* Task to complete
Only the lines holding "amount" are wanted. Copy every one from the records below.

Records contained in a dataset:
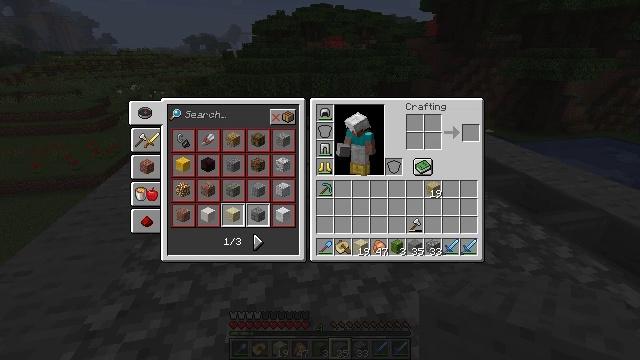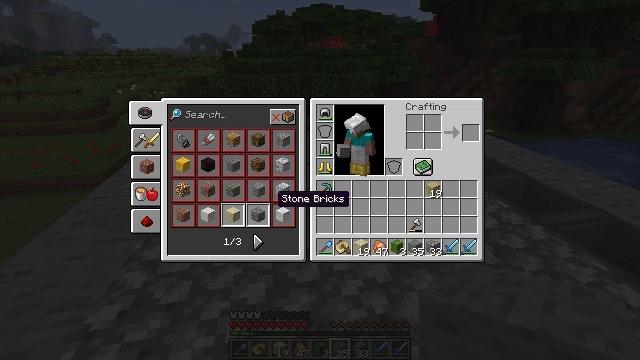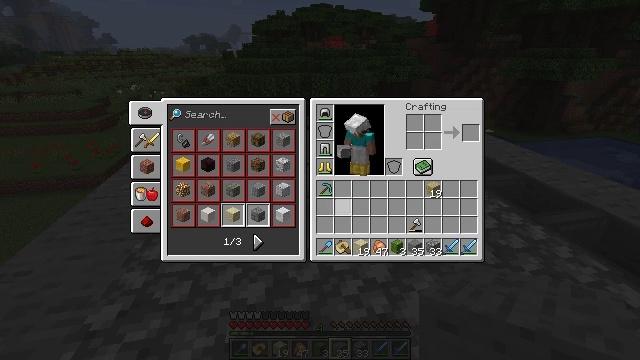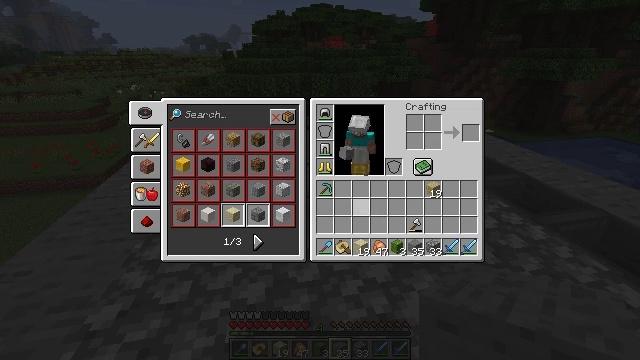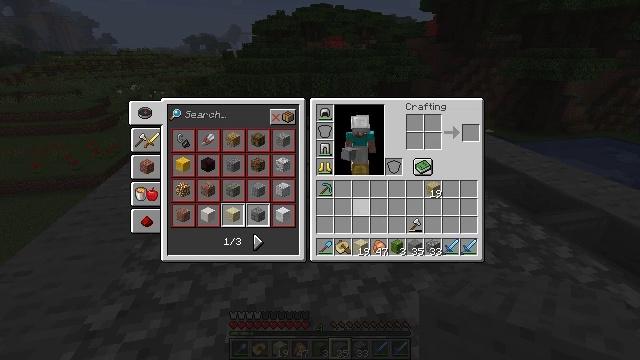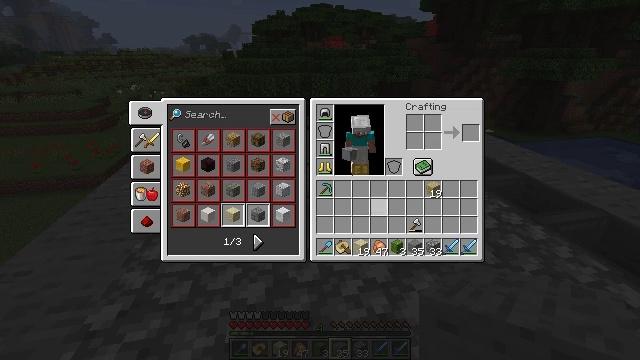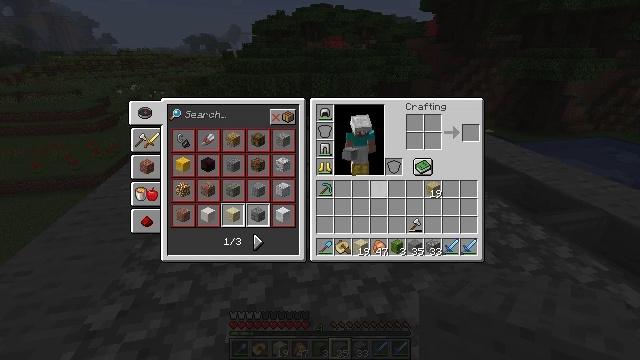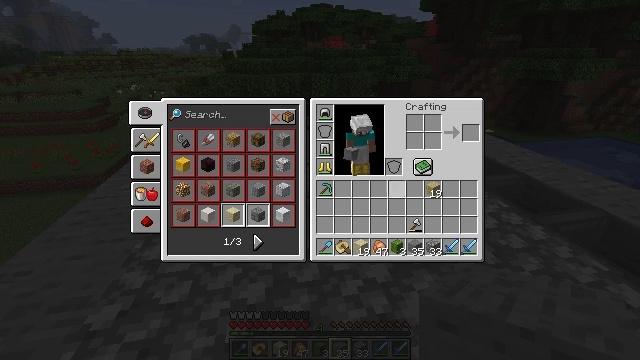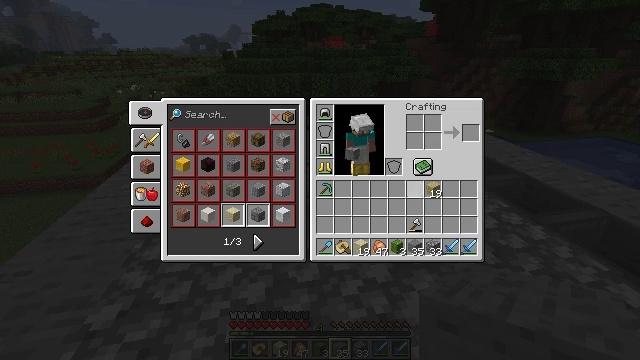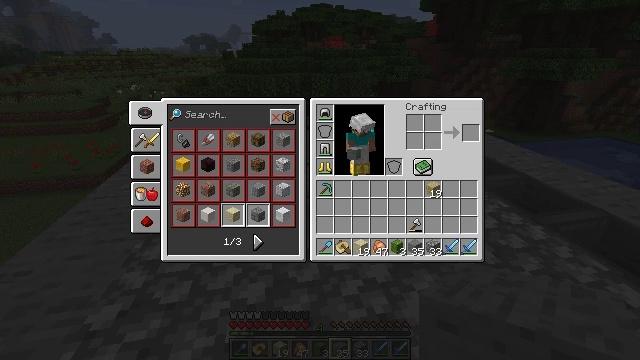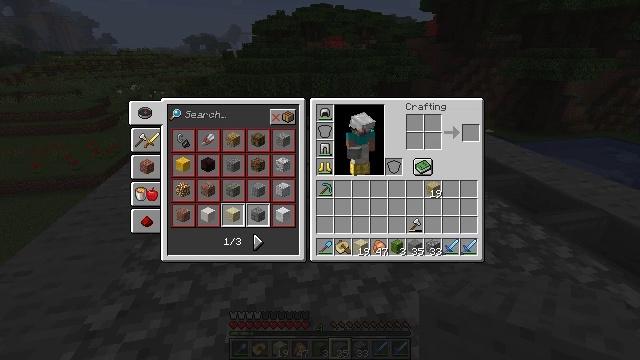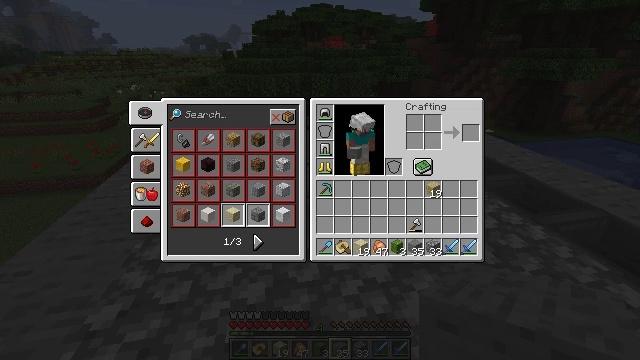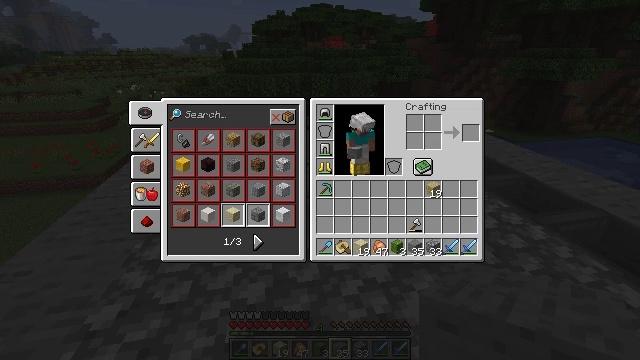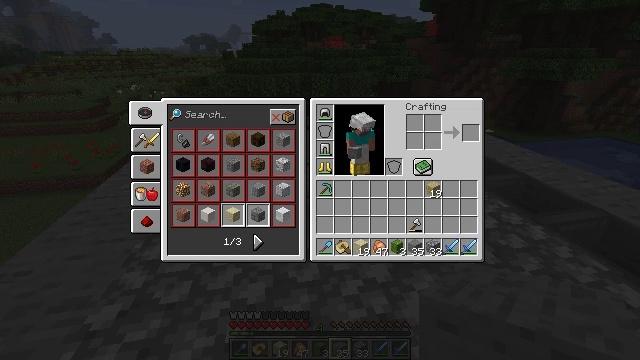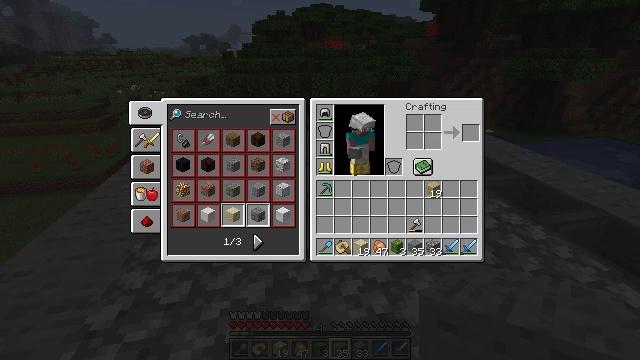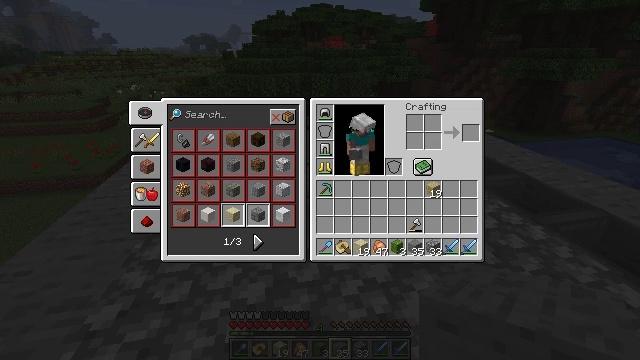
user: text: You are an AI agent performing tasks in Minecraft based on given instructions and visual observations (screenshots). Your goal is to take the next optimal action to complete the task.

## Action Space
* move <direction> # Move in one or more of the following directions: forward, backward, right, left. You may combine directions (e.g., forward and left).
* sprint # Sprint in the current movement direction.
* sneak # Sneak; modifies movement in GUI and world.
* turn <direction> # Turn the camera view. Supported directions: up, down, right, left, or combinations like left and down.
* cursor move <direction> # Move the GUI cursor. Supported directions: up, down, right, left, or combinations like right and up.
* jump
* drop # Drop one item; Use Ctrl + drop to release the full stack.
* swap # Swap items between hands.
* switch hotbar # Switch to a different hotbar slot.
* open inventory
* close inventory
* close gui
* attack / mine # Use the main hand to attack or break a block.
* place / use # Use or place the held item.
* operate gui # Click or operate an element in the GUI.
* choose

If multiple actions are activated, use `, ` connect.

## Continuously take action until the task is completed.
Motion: motion action
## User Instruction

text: Harvest sweet berries by mining the bush.
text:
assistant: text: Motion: cursor move right
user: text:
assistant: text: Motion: cursor move right
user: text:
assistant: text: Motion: cursor move right
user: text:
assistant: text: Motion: no_op
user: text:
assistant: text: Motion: cursor move right
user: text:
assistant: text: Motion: no_op
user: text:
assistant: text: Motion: cursor move right
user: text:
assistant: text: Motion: cursor move right and up
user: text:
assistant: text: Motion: cursor move right
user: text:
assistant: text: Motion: cursor move right
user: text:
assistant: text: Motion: no_op
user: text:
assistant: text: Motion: no_op
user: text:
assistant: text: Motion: no_op
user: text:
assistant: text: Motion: cursor move right and down
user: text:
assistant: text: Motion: cursor move right and down
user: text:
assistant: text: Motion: cursor move right and down
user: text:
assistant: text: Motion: cursor move right and down
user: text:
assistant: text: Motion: no_op
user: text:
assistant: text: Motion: no_op
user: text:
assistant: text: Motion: no_op
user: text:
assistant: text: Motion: no_op
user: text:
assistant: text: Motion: no_op
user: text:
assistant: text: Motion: cursor move left
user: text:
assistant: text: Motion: cursor move left and up
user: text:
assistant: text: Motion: cursor move left and up
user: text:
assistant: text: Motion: cursor move left
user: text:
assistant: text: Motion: no_op
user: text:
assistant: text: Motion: no_op
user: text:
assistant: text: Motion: no_op
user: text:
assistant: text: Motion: cursor move up
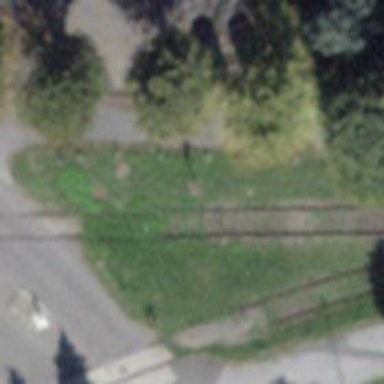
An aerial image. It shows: Railway switch.
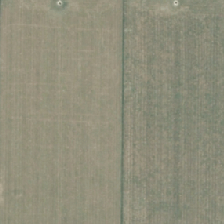
Land cover: shortrotation_cropland
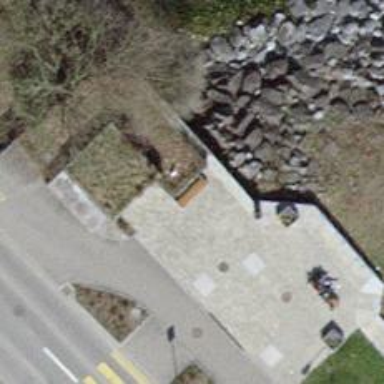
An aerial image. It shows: Bench for seating.
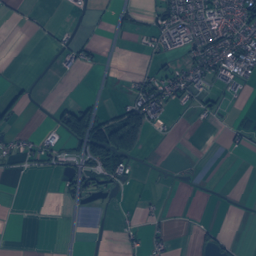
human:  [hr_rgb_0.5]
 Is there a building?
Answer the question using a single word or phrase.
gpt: yes

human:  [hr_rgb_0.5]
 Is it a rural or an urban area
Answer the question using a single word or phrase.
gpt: urban

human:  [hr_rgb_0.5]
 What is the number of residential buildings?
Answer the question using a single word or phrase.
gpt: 1593

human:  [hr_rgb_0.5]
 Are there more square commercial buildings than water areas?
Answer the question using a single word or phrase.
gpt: no

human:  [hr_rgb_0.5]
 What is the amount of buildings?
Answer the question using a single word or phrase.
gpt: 1724

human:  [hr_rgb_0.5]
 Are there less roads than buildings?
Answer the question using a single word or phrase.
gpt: yes

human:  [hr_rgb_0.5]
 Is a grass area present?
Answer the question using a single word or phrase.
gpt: yes

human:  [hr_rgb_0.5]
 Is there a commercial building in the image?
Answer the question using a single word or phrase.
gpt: yes

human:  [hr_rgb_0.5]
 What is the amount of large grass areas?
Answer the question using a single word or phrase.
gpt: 75

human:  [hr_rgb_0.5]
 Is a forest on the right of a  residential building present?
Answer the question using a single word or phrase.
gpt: yes

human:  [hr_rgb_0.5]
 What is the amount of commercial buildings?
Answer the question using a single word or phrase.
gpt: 47

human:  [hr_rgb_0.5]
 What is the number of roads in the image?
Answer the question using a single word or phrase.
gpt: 367

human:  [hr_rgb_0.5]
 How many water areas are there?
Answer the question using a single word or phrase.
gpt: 56

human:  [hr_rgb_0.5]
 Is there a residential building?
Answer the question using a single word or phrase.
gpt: yes

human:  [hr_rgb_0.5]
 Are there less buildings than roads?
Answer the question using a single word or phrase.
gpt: no

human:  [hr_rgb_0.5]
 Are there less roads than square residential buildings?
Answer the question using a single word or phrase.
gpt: no

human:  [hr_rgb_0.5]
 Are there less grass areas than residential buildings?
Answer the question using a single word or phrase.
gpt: yes

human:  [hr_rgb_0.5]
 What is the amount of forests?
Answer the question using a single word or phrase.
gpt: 68

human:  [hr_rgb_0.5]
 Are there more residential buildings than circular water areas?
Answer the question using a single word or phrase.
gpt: yes

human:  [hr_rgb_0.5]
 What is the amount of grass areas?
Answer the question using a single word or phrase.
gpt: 150

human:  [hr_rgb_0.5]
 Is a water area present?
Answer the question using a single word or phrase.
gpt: yes

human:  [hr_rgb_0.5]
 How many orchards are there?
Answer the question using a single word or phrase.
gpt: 8

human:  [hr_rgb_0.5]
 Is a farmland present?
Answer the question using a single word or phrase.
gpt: yes

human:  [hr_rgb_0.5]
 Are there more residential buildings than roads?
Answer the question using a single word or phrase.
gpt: yes

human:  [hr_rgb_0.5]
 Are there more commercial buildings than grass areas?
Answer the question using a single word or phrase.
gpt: no

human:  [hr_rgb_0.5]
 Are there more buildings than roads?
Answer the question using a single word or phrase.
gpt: yes

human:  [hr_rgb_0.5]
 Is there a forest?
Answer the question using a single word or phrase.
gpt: yes

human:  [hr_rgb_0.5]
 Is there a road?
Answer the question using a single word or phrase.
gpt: yes

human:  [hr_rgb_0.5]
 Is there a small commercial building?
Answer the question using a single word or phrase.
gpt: yes

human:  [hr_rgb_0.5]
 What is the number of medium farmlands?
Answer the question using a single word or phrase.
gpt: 1

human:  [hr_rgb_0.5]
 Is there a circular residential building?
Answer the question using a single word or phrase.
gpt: yes

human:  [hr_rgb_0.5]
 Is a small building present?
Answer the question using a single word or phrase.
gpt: yes

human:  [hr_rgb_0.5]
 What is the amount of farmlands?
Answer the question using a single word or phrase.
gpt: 58

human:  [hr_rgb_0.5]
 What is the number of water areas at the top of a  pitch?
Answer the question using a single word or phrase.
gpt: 23

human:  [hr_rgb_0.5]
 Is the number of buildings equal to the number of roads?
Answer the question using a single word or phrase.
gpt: no

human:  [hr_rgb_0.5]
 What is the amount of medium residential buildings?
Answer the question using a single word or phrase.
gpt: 4

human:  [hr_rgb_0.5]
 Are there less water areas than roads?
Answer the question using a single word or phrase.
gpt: yes

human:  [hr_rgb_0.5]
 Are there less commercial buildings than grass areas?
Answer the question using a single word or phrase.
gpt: yes

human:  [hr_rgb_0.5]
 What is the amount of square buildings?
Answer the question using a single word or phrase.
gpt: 5

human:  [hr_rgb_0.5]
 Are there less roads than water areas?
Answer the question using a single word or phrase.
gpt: no

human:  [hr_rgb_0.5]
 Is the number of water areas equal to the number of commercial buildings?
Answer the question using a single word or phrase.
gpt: no

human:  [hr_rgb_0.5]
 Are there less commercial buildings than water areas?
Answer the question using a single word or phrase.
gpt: yes

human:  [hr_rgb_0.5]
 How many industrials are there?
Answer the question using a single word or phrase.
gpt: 1

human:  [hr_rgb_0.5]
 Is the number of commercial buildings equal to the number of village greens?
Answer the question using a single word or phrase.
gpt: no

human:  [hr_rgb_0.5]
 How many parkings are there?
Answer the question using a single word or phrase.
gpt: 3

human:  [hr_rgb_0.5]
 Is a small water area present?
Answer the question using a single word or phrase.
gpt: yes

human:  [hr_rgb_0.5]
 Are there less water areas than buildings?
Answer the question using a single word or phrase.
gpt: yes

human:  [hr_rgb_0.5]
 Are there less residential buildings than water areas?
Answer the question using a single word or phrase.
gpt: no

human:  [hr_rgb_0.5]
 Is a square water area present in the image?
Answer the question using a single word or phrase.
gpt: yes

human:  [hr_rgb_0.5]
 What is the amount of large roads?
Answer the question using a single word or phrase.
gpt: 0

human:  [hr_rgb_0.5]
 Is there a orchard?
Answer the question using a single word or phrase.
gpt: yes

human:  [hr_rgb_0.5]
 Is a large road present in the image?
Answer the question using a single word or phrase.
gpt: no

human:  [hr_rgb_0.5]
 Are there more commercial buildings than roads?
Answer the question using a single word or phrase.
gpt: no

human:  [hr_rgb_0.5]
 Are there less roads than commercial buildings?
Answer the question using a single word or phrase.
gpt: no

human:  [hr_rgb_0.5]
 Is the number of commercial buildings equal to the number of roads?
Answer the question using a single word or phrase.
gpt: no

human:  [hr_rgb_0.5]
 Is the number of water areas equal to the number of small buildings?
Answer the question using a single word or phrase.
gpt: no

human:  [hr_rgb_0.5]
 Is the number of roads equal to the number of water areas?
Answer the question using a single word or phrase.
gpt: no

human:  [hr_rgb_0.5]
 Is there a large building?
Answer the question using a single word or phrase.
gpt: yes

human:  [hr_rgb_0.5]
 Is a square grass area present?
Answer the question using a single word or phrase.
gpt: yes

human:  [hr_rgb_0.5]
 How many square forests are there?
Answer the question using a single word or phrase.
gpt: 0

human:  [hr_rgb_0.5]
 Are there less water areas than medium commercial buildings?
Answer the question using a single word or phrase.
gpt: no

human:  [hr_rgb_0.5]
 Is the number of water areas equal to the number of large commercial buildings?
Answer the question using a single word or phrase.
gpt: no

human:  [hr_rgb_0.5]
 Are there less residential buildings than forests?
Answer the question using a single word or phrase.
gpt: no

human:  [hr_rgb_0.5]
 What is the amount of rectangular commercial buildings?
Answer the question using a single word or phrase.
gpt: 20
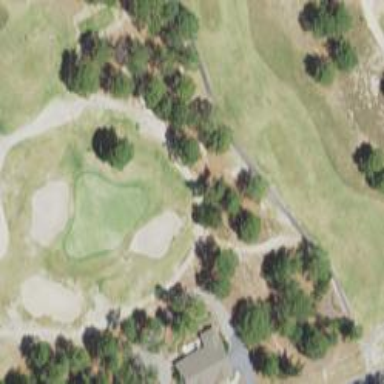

* Exercise answer
 What is the amount of buildings?
 What is the amount of large grass areas?
 What is the amount of commercial buildings?
 What is the amount of forests?
 What is the amount of grass areas?
 What is the amount of farmlands?
 What is the amount of medium residential buildings?
 What is the amount of square buildings?
 What is the amount of large roads?
 What is the amount of rectangular commercial buildings?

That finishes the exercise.